Tris(2-carboxyethyl)phosphine (TCEP) is a widely used reducing agent for the reduction of disulfide bonds on proteins. Some red fluorophores, including Cy5 and Alexa 647, but also the red fluorophores of the Monolith protein labeling kits (MO-L001, MO-L004, MO-L008, MO-L011, MO-L014 and MO-L018) are strongly quenched by high concentrations of TCEP (Fig. 1). The quenching is caused by a reversible addition of TCEP to the dye with a dissociation constant in the mM range. To avoid interference in Monolith binding assays, TCEP should therefore only be used at sub-mM concentrations. If higher concentrations of reducing agent are needed, DTT, β-mercaptoethanol or GSH (glutathione) are recommended.
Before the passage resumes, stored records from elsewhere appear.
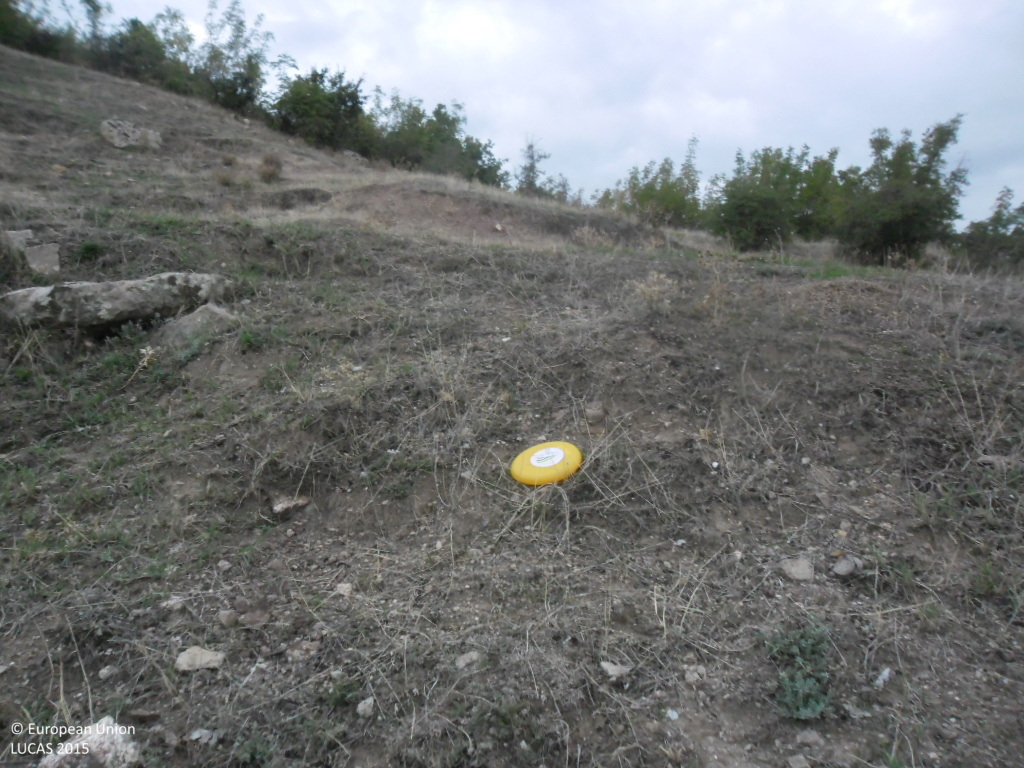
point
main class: Grassland
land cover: Grassland with sparse tree/shrub cover
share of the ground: > 75 %
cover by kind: herbaceous plants 90 %, broadleaved forest trees 5 %, shrubs 5 %
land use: Agriculture (excluding fallow land and kitchen gardens)
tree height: < 5 m
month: September
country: BG
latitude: 41.5844
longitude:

DTT, β-mercaptoethanol and GSH, however, can interfere with the NHS- and maleimide-labeling reaction and therefore should be avoided. A strategy for circumventing this problem is to label the protein in a buffer with TCEP and then to perform the purification step with column B using a buffer containing DTT.

Figure 1: The K_D for the reversible interaction of TCEP with the RED dye from the Monolith 2nd Generation protein labeling kits is ~10-15 mM. Quenching of capillary fluorescence begins at TCEP concentrations >1 mM.

Apart from the loss in fluorescence intensity and the need for higher target concentrations in the assay to obtain a sufficient fluorescence signal, the reversible fluorescence quenching of TCEP is also strongly temperature-dependent. As a consequence, the IR-laser induced temperature increase in the Monolith shifts the equilibrium of the TCEP-dye interaction towards higher concentrations of TCEP, which can result in a partial recovery of the fluorescence and unusual-looking upward-going MST traces (Fig. 2). This effect on the MST response can therefore disturb the evaluation of target-ligand interactions with MST and lead to issues with reproducibility.

Figure 2: The reversible fluorescence quenching of TCEP is strongly temperature-dependent. The IR-laser induced temperature increase disturbs the equilibrium of the TCEP-dye interaction and the fluorescence recovers, resulting in upward-going MST traces.